Suite et  fin de cette nouvelle qui, sans être un chef d'oeuvre, reste un précieux document. Il s'agit d'une oeuvre de jeunesse de Henri Béraud, L'Initiation de Nicolas Sylvain, du recueil Les Morts lyriques, publié en 1912 chez l'éditeur E. Basset. Derrière les traits du héros, Nicolas Sylvain, se reconnaît le vieux paysagiste François Vernay, dont Béraud venait de publier, pour L'Art Libre, une courte mais retentissante biographie.

La mort réelle de Vernay; comme il le dit dans cette plaquette fut « atroce et symbolique », puisque le vieux peintre chuta dans son atelier et se brisa le fémur.
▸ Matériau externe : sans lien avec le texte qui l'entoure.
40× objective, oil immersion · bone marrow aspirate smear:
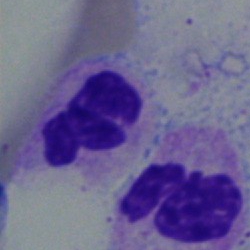

Specimen: bone marrow aspirate smear.
Classification: polymorphonuclear neutrophil.
Lineage: myeloid.

On le transporta dans son domicile du 120 rue de Sèze où le docteur qui l’examina pronostiqua « un accès de rhumatismes ». Son état empirant, Vernay fut conduit à l’Hôtel-Dieu, la jambe enflée et « horriblement tuméfiée ». Les quelques amis, raconte Béraud, qui le veillèrent dans la nuit du 5 septembre « assistèrent à une douloureuse agonie ». Il exigea le matin venu d’être reconduit chez lui et « retourna à la terre par une triste après midi de septembre ».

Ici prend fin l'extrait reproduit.